Como indicó Gibson, Gracia y Justicia, órgano extremista del humorismo nacional, publicaba titulares del estilo “Federico García Loca o cualquiera se equivoca”. Loca, sin erre, en alusión a su condición de homosexual. La revista ultraderechista El Duende, en su caso, acusó a La Barraca de ser “una pandilla de sodomitas”, denunciando que “también el Estado da dinero para La Barraca (…) ¡Qué vergüenza y qué asco!”. En el verano de 1934, el órgano falangista FE recoge el testigo y acusa a La Barraca de estar pervirtiendo a los honrados campesinos españoles con “costumbres corrompidas propias de países extranjeros” y de moverse “en las aguas turbias y cenagosas de un marxismo judío”. Fernando de los Ríos, “Don Fernando el Laico” para los medios filofascistas, también era constante diana de los ataques mediáticos.

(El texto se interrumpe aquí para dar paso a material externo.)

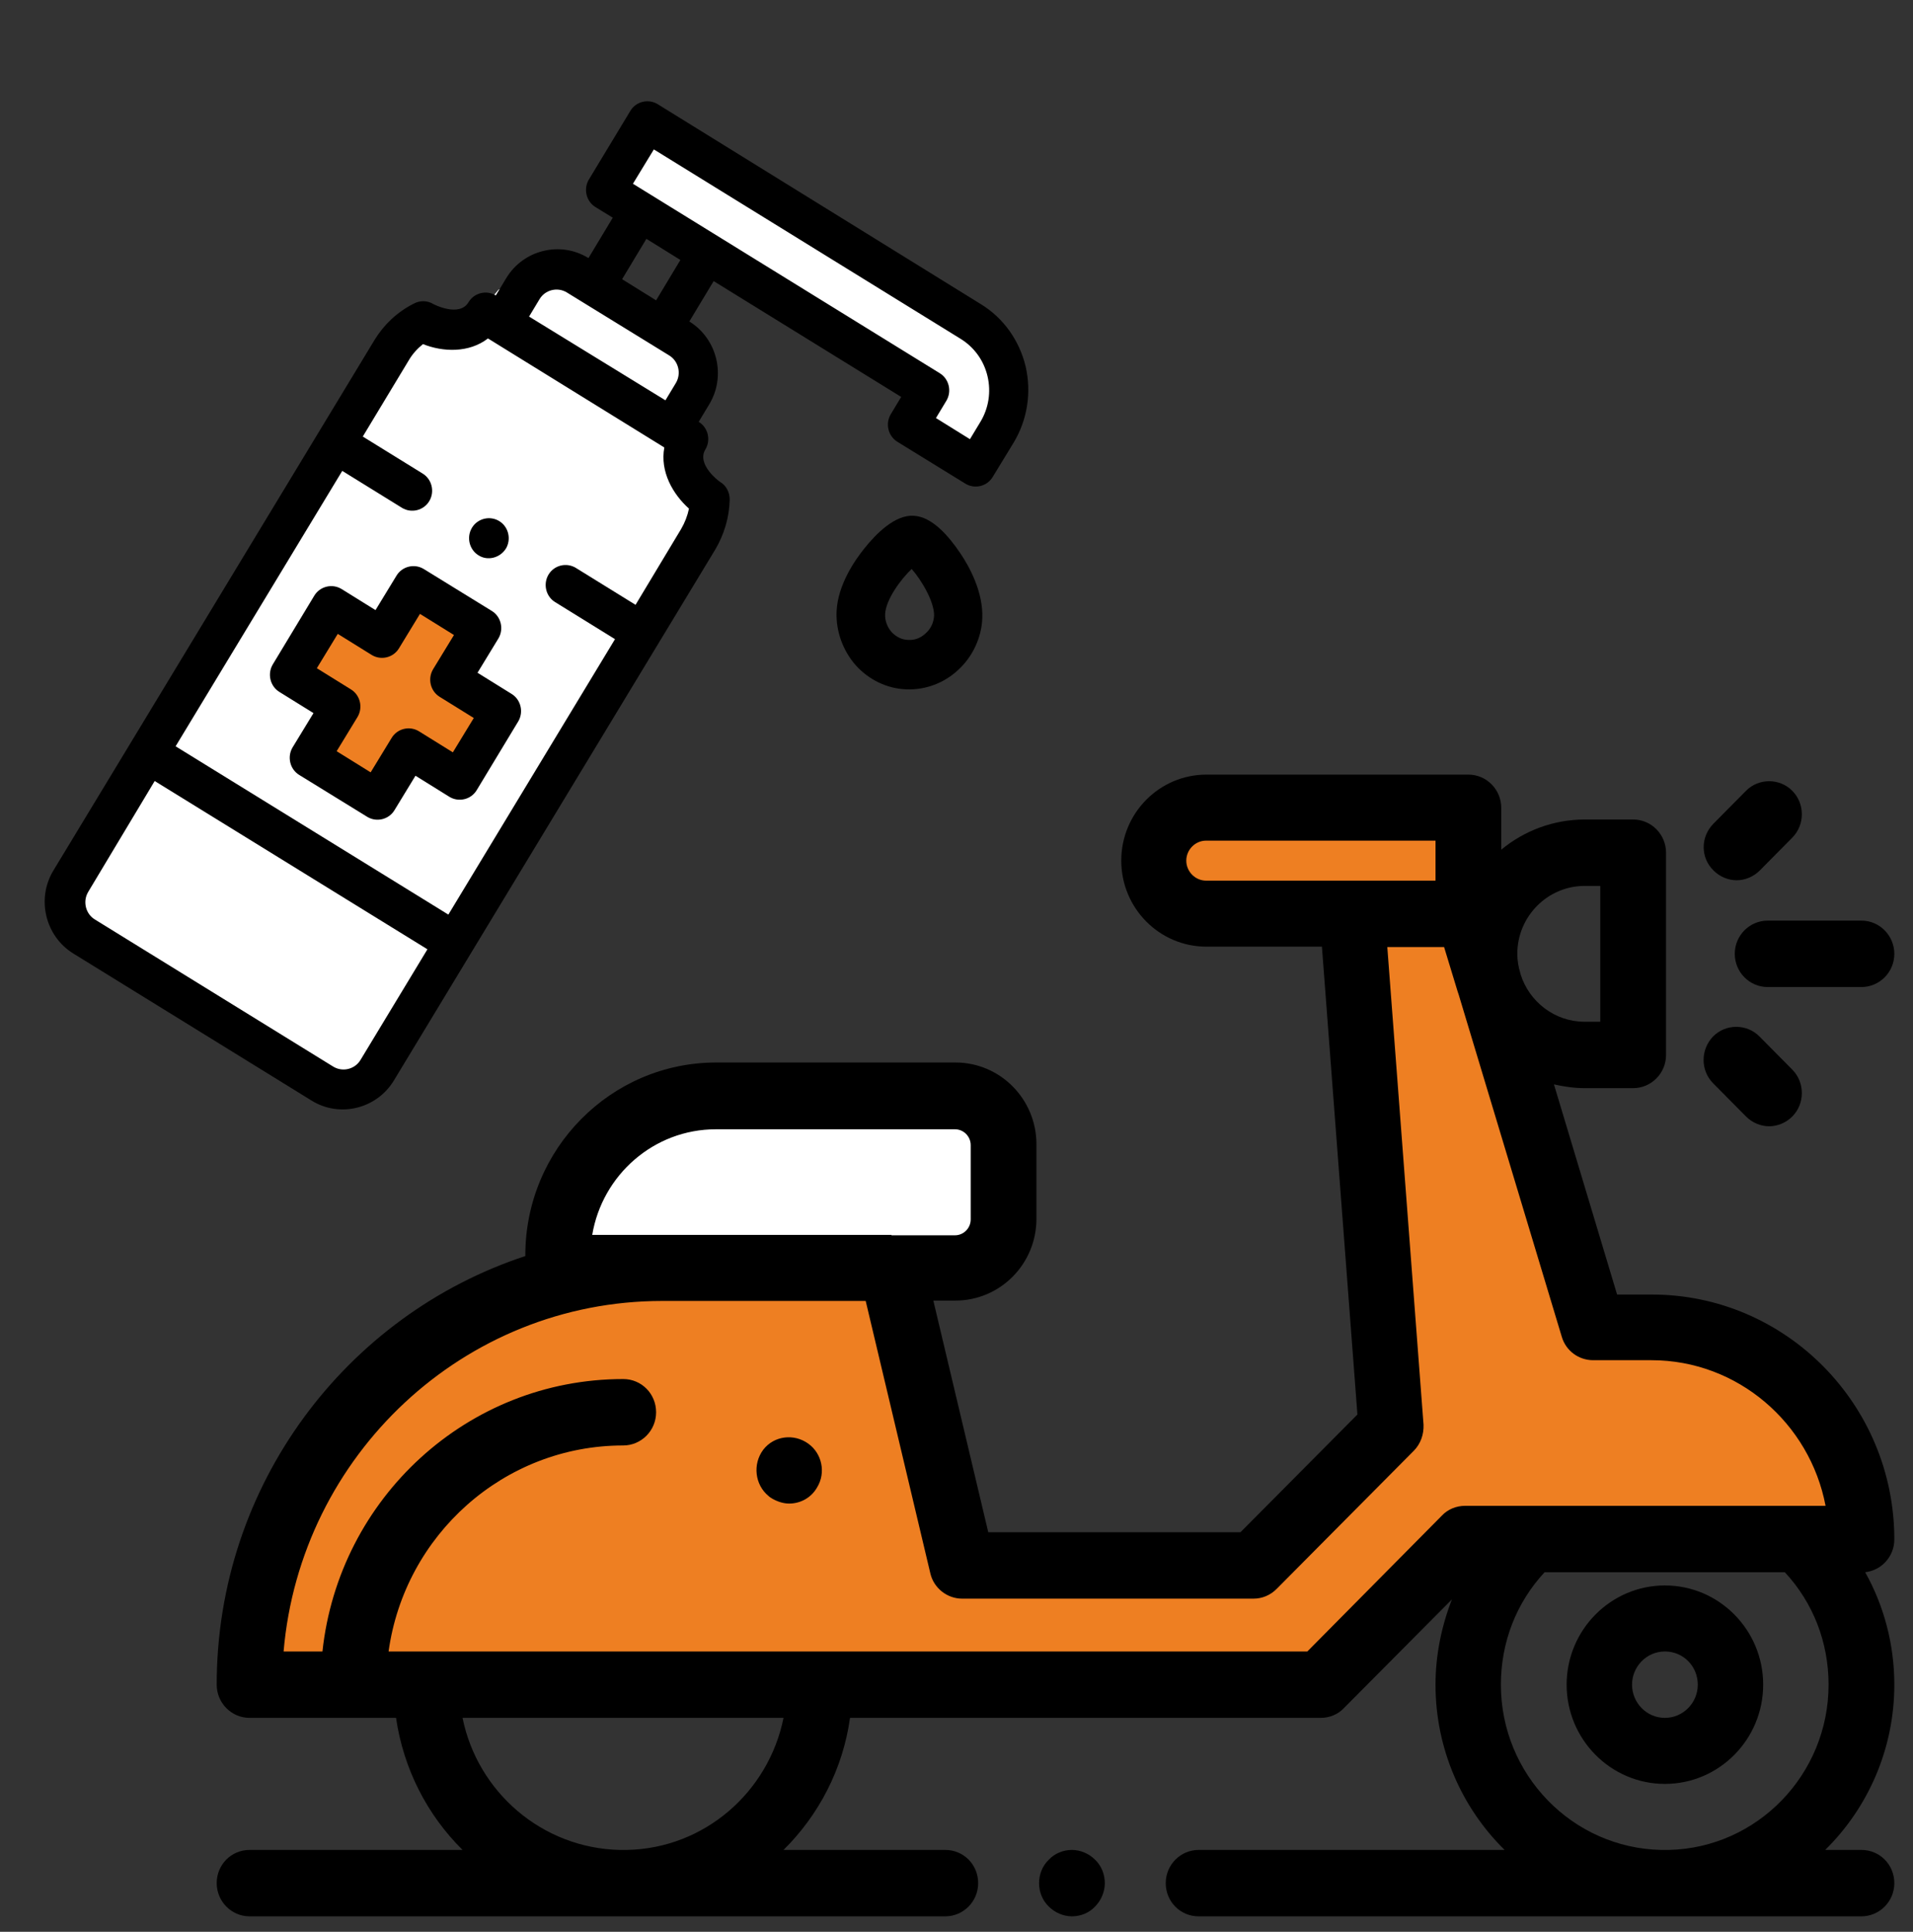 <svg width="101" height="102" viewBox="0 0 101 102" fill="none" xmlns="http://www.w3.org/2000/svg">
<rect x="0" y="0" width="101" height="102" fill="#333333" stroke="none"/>
<path d="M36.727 58.418C32.32 59.16 29.994 63.054 29.382 64.909L33.973 67.691C38.564 68 48.48 68.062 51.418 65.836C54.356 63.611 52.642 59.964 51.418 58.418C48.358 58.109 41.135 57.676 36.727 58.418Z" fill="white"/>
<path d="M31.898 9.363L34.383 6.216L52.236 17.611C52.236 17.611 52.512 19.085 52.453 20.36C52.394 21.635 51.388 24.424 51.388 24.424L48.015 22.492L48.37 20.161L31.898 9.363Z" fill="white"/>
<path d="M22.547 17.292L20.851 17.87L3.886 46.996V48.848L16.709 56.698L18.799 57.375L20.851 55.343L37.461 27.233L36.395 25.022L35.843 22.572L36.395 19.663L35.449 17.292L29.531 13.905C29.531 13.905 28.485 14.045 28.347 14.244C28.209 14.443 26.315 15.3 26.315 15.3L24.994 16.894L22.547 17.292Z" fill="white"/>
<path d="M16.708 31.935L19.411 33.09L21.561 31.536L23.83 31.975L24.441 33.09V35.6L25.802 37.772L24.165 41.238L21.265 39.744L19.608 41.697L16.117 39.605L17.261 37.772L15.584 35.262L16.708 31.935Z" fill="#EE7F22"/>
<path d="M47.64 67.615H38.941C38.941 67.615 28.071 66.28 23.85 69.408C19.628 72.536 15.012 79.269 14.223 81.799C13.434 84.329 13.296 89.131 13.296 89.131L25.822 88.872L60.62 88.951L70.503 89.131L76.5 82.198L98.456 80.405C98.456 80.405 98.002 73.611 93.78 72.356C89.559 71.101 85.337 70.025 85.337 70.025L80.465 60.503L76.835 49.327C76.835 49.327 73.087 48.45 72.87 48.629C72.673 48.809 71.154 51.458 71.154 52.395C71.154 53.331 71.548 65.842 71.548 65.842L73.462 74.488C73.462 74.488 68.846 79.747 68.649 79.947C68.451 80.146 63.184 83.014 63.184 83.014L50.914 81.998C50.914 81.998 48.074 74.269 48.074 73.751C48.074 73.233 47.64 67.615 47.64 67.615Z" fill="#EE7F22"/>
<path d="M73.442 42.613L60.955 43.868L62.928 47.275L75.789 47.593L77.072 46.119L76.519 43.23L73.442 42.613Z" fill="#EE7F22"/>
<path d="M11.441 99.43C11.441 100.386 12.211 101.183 13.177 101.183H32.687C32.746 101.183 32.825 101.183 32.884 101.183C32.943 101.183 33.022 101.183 33.081 101.183H49.908C50.855 101.183 51.644 100.406 51.644 99.43C51.644 98.454 50.875 97.677 49.908 97.677H41.367C43.221 95.844 44.503 93.414 44.878 90.704H69.733C70.187 90.704 70.641 90.525 70.956 90.186L76.657 84.449C76.105 85.863 75.79 87.397 75.79 88.951C75.79 92.358 77.19 95.466 79.439 97.677H63.283C62.336 97.677 61.547 98.454 61.547 99.43C61.547 100.406 62.316 101.183 63.283 101.183H87.704C87.763 101.183 87.843 101.183 87.902 101.183C87.961 101.183 88.04 101.183 88.099 101.183H98.278C99.225 101.183 100.014 100.406 100.014 99.43C100.014 98.454 99.244 97.677 98.278 97.677H96.364C98.613 95.466 100.014 92.358 100.014 88.951C100.014 86.859 99.481 84.808 98.475 83.014C99.343 82.915 100.014 82.178 100.014 81.281C100.014 74.149 94.273 68.352 87.211 68.352H85.377L82.043 57.255C82.575 57.375 83.108 57.455 83.68 57.455H86.225C87.172 57.455 87.961 56.678 87.961 55.702V45.023C87.961 44.067 87.192 43.27 86.225 43.27H83.68C82.003 43.27 80.465 43.868 79.261 44.864V42.653C79.261 41.697 78.492 40.9 77.525 40.9H63.697C61.212 40.9 59.199 42.932 59.199 45.442C59.199 47.952 61.212 49.984 63.697 49.984H69.793L71.667 74.687L65.492 80.903H52.177L49.277 68.671H50.441C52.808 68.671 54.721 66.738 54.721 64.348V60.423C54.721 58.032 52.808 56.1 50.441 56.1H37.816C32.253 56.1 27.735 60.662 27.735 66.28V66.32C18.287 69.428 11.441 78.393 11.441 88.951C11.441 89.907 12.211 90.704 13.177 90.704H20.91C21.305 93.414 22.567 95.844 24.421 97.677H13.177C12.211 97.677 11.441 98.454 11.441 99.43ZM47.068 65.204H34.956H31.267C31.799 62.037 34.521 59.626 37.796 59.626H50.421C50.875 59.626 51.25 60.005 51.25 60.463V64.388C51.25 64.846 50.875 65.224 50.421 65.224H47.068V65.204ZM75.79 46.498H71.371H63.677C63.105 46.498 62.632 46.02 62.632 45.442C62.632 44.864 63.105 44.386 63.677 44.386H75.79V46.498ZM80.287 51.458L80.267 51.379C80.169 51.06 80.109 50.721 80.109 50.362C80.109 48.39 81.707 46.777 83.66 46.777H84.489V53.948H83.66C82.082 53.948 80.741 52.893 80.287 51.458ZM79.242 88.951C79.242 86.72 80.05 84.628 81.55 83.014H94.234C95.733 84.628 96.542 86.72 96.542 88.951C96.542 93.693 92.774 97.577 88.099 97.677H87.704C83.009 97.577 79.242 93.693 79.242 88.951ZM20.516 87.198C21.364 81.062 26.591 76.321 32.904 76.321C33.851 76.321 34.64 75.544 34.64 74.568C34.64 73.591 33.87 72.814 32.904 72.814C24.678 72.814 17.892 79.11 17.024 87.198H14.973C15.86 76.839 24.481 68.691 34.956 68.691H45.706L49.119 83.074C49.297 83.851 50.007 84.409 50.796 84.409H66.183C66.636 84.409 67.07 84.23 67.406 83.891L74.645 76.6C75 76.241 75.178 75.743 75.158 75.225L73.245 50.004H76.243L76.953 52.335C76.973 52.395 76.993 52.454 77.013 52.514L82.457 70.583C82.674 71.32 83.345 71.819 84.114 71.819H87.192C91.748 71.819 95.555 75.145 96.384 79.508H94.964H80.84H77.348C76.894 79.508 76.441 79.688 76.125 80.026L69.023 87.198H20.516ZM24.421 90.704H41.367C40.578 94.629 37.184 97.597 33.101 97.677H32.707C28.604 97.577 25.21 94.609 24.421 90.704Z" fill="black"/>
<path d="M54.859 99.43C54.859 99.888 55.037 100.347 55.372 100.665C55.688 100.984 56.142 101.183 56.595 101.183C57.049 101.183 57.503 101.004 57.818 100.665C58.134 100.347 58.331 99.888 58.331 99.43C58.331 98.972 58.154 98.514 57.818 98.195C57.503 97.876 57.049 97.677 56.595 97.677C56.142 97.677 55.688 97.856 55.372 98.195C55.037 98.514 54.859 98.972 54.859 99.43Z" fill="black"/>
<path d="M82.713 88.951C82.713 91.84 85.041 94.191 87.901 94.191C90.762 94.191 93.09 91.84 93.09 88.951C93.09 86.062 90.762 83.712 87.901 83.712C85.041 83.712 82.713 86.062 82.713 88.951ZM86.166 88.951C86.166 87.995 86.935 87.198 87.901 87.198C88.868 87.198 89.637 87.975 89.637 88.951C89.637 89.907 88.868 90.704 87.901 90.704C86.935 90.704 86.166 89.907 86.166 88.951Z" fill="black"/>
<path d="M91.59 50.363C91.59 51.319 92.36 52.116 93.326 52.116H98.278C99.225 52.116 100.014 51.339 100.014 50.363C100.014 49.406 99.244 48.609 98.278 48.609H93.326C92.379 48.609 91.59 49.386 91.59 50.363Z" fill="black"/>
<path d="M90.446 57.196L92.182 58.949C92.518 59.288 92.971 59.467 93.406 59.467C93.839 59.467 94.293 59.288 94.629 58.949C95.299 58.272 95.299 57.156 94.629 56.479L92.893 54.725C92.222 54.048 91.117 54.048 90.446 54.725C89.776 55.423 89.776 56.519 90.446 57.196Z" fill="black"/>
<path d="M90.466 45.96C90.801 46.298 91.255 46.478 91.689 46.478C92.123 46.478 92.577 46.298 92.912 45.96L94.628 44.227C95.299 43.549 95.299 42.434 94.628 41.756C93.958 41.079 92.853 41.079 92.182 41.756L90.466 43.489C89.776 44.187 89.776 45.282 90.466 45.96Z" fill="black"/>
<path d="M40.577 78.99C40.637 79.05 40.715 79.09 40.775 79.13C41.051 79.289 41.367 79.389 41.662 79.389C42.254 79.389 42.826 79.09 43.142 78.532C43.615 77.755 43.398 76.739 42.669 76.221C41.919 75.683 40.873 75.803 40.301 76.54C39.729 77.297 39.847 78.392 40.577 78.99Z" fill="black"/>
<path d="M45.628 28.966C45.115 29.604 44.227 30.899 44.168 32.293C44.128 33.329 44.503 34.365 45.194 35.142C45.884 35.899 46.831 36.358 47.837 36.397H47.857C48.843 36.437 49.829 36.079 50.579 35.381C51.348 34.684 51.822 33.668 51.861 32.652C51.92 31.258 51.171 29.903 50.697 29.206C50.106 28.329 49.218 27.273 48.232 27.233C47.265 27.174 46.279 28.15 45.628 28.966ZM47.087 33.389C46.851 33.13 46.712 32.772 46.732 32.413C46.772 31.656 47.561 30.58 48.133 30.042C48.646 30.62 49.336 31.776 49.316 32.513C49.297 32.871 49.139 33.21 48.863 33.449C48.606 33.688 48.291 33.807 47.975 33.788C47.62 33.788 47.324 33.628 47.087 33.389Z" fill="black"/>
<path d="M19.786 17.93L2.821 45.96C1.913 47.454 2.387 49.426 3.866 50.343L16.452 58.112C17.931 59.029 19.884 58.55 20.792 57.056L37.757 29.026C38.23 28.229 38.506 27.313 38.526 26.377C38.526 25.998 38.348 25.64 38.013 25.44C37.993 25.44 36.751 24.524 37.244 23.727C37.54 23.229 37.382 22.572 36.889 22.273L37.441 21.356C38.348 19.862 37.875 17.89 36.395 16.974L37.678 14.842L47.58 20.958L47.028 21.874C46.732 22.372 46.89 23.03 47.383 23.329L50.973 25.54C51.467 25.839 52.118 25.679 52.413 25.181L53.518 23.369C54.248 22.153 54.465 20.719 54.149 19.344C53.814 17.97 52.986 16.794 51.782 16.057L34.719 5.498C34.226 5.2 33.575 5.359 33.279 5.857L31.089 9.483C30.793 9.981 30.951 10.638 31.444 10.937L32.352 11.495L31.069 13.627C29.59 12.71 27.637 13.188 26.73 14.682L26.177 15.599C25.684 15.3 25.033 15.459 24.737 15.957C24.244 16.774 22.883 16.057 22.883 16.057C22.567 15.858 22.153 15.858 21.837 16.037C20.969 16.476 20.279 17.133 19.786 17.93ZM33.417 9.702L34.521 7.889L50.717 17.89C51.427 18.328 51.94 19.026 52.137 19.862C52.334 20.699 52.196 21.555 51.763 22.273L51.21 23.189L49.415 22.073L49.967 21.157C50.263 20.659 50.105 20.002 49.612 19.703L33.417 9.702ZM35.922 13.726L34.64 15.858L32.845 14.742L34.127 12.611L35.922 13.726ZM27.933 16.715L28.485 15.798C28.781 15.3 29.432 15.141 29.925 15.44L35.33 18.766C35.823 19.065 35.981 19.723 35.685 20.221L35.133 21.137L27.933 16.715ZM33.555 31.935L30.399 29.983C29.905 29.684 29.255 29.843 28.959 30.341C28.663 30.839 28.82 31.497 29.314 31.795L32.47 33.748L23.672 48.291L9.271 39.405L18.07 24.863L21.226 26.815C21.719 27.114 22.37 26.954 22.666 26.456C22.962 25.958 22.804 25.301 22.311 25.002L19.154 23.05L21.581 19.026C21.778 18.687 22.035 18.408 22.331 18.169C23.376 18.587 24.757 18.647 25.763 17.87L35.074 23.627C34.837 24.902 35.528 26.098 36.376 26.855C36.297 27.233 36.159 27.592 35.962 27.93L33.555 31.935ZM8.167 41.238L22.567 50.123L19.036 55.961C18.74 56.459 18.089 56.618 17.596 56.319L5.011 48.55C4.517 48.251 4.36 47.593 4.655 47.095L8.167 41.238Z" fill="black"/>
<path d="M27.006 36.636L25.211 35.521L26.316 33.708C26.611 33.21 26.454 32.552 25.96 32.254L22.37 30.042C21.877 29.743 21.226 29.903 20.93 30.401L19.825 32.214L18.03 31.098C17.537 30.799 16.886 30.959 16.59 31.457L14.401 35.083C14.105 35.58 14.262 36.238 14.756 36.537L16.551 37.652L15.446 39.465C15.15 39.963 15.308 40.621 15.801 40.919L19.392 43.131C19.884 43.43 20.535 43.27 20.831 42.772L21.936 40.959L23.731 42.075C24.224 42.374 24.875 42.215 25.171 41.716L27.361 38.091C27.657 37.593 27.499 36.935 27.006 36.636ZM23.909 39.724L22.114 38.609C21.62 38.31 20.97 38.469 20.674 38.967L19.569 40.78L17.774 39.664L18.879 37.852C19.174 37.353 19.017 36.696 18.523 36.397L16.728 35.282L17.833 33.469L19.628 34.584C20.121 34.883 20.772 34.724 21.068 34.226L22.173 32.413L23.968 33.529L22.863 35.341C22.567 35.84 22.725 36.497 23.218 36.796L25.014 37.911L23.909 39.724Z" fill="black"/>
<path d="M26.71 28.966C27.006 28.468 26.848 27.811 26.355 27.512C25.862 27.213 25.211 27.373 24.915 27.871C24.619 28.369 24.777 29.026 25.27 29.325C25.743 29.624 26.394 29.465 26.71 28.966Z" fill="black"/>
</svg>

En algunas localidades, el odio irradiado por quienes no soportaban que las clases trabajadoras vieran el poder popular de Fuenteovejuna (cuya versión lorquiana fue tachada por la derecha mediática como “fiesta bolchevique”) o leyeran los versos revolucionarios de Miguel Hernández, provocó incluso sabotajes. En Soria, por ejemplo, La Barraca se topó “con la Iglesia, pero la militante y ultramontana”. Con el caldo de cultivo propalado por la derecha política y mediática, se entendió como una provocación que una compañía teatral “alentada por el gobierno laicista de la Segunda República se hubiera atrevido a poner en escena un auto de Calderón”. Algunos grupos ultraderechistas “fueron, pues, a reventar la obra, y al reventarla, nos reventaron a nosotros” (Garrigues, 1989).
El paroxismo exacerbado no se puede disociar del hondo significado de lo que se hacía en las aldeas de la España rural. Como explicaba Otero Urtaza en el documental “Misiones Pedagógicas 1934-1936. República española”, que se leyera lo que no controlaba el sacerdote o el cacique local era visto como la simiente de las aspiraciones revolucionarias populares. Tanto es así, que algunos diputados de derechas señalaron a los proyectos culturales de la República como promotores intelectuales de la Revolución asturiana de 1934.
Entre el otoño de 1935 y la primavera de 1936, La Barraca se desmembra. Con el estallido de la guerra civil, al igual que sucedería con los y las misioneras, la mayoría de los barracos se exilian (Eduardo Ugarte, Enriqueta Aguado y Ramón Gaya a México; Alberto Sánchez a Moscú, Julián Bautista o Mª del Carmen García a Buenos Aires; otros como Santiago Ontañón, a Chile) o son asesinados en las contiendas bélicas (Ródenas Llusiá, Rodríguez Rapún o, símbolo de ello, el alma máter de La Barraca, Federico García Lorca).
Si los últimos rescoldos de las Misiones se repartieron entre la purga, el enrolamiento en las Milicias de la Cultura, la muerte o el exilio, las últimas brasas de La Barraca no encontrarían distinto desenlace. Los encargados de reorganizar la actividad de la compañía (Altolaguirre, Miguel Hernández…) no fueron ajenos a la nefasta coyuntura del país, y el avance de las tropas franquistas aceleraron el óbito horizonte de uno de los proyectos más radiantes de la II República. Impuesta la bota militar y condenado el mismo pueblo que lloraba de alegría al experimentar el goce de la Cultura a llorar, ahora y durante cuarenta años, por la muerte y el dolor de una dictadura asesina, Las Misiones y La Barraca mueren, y con ellas marchitan las esperanzas de la España que tocó con los dedos la utopía de la prosperidad.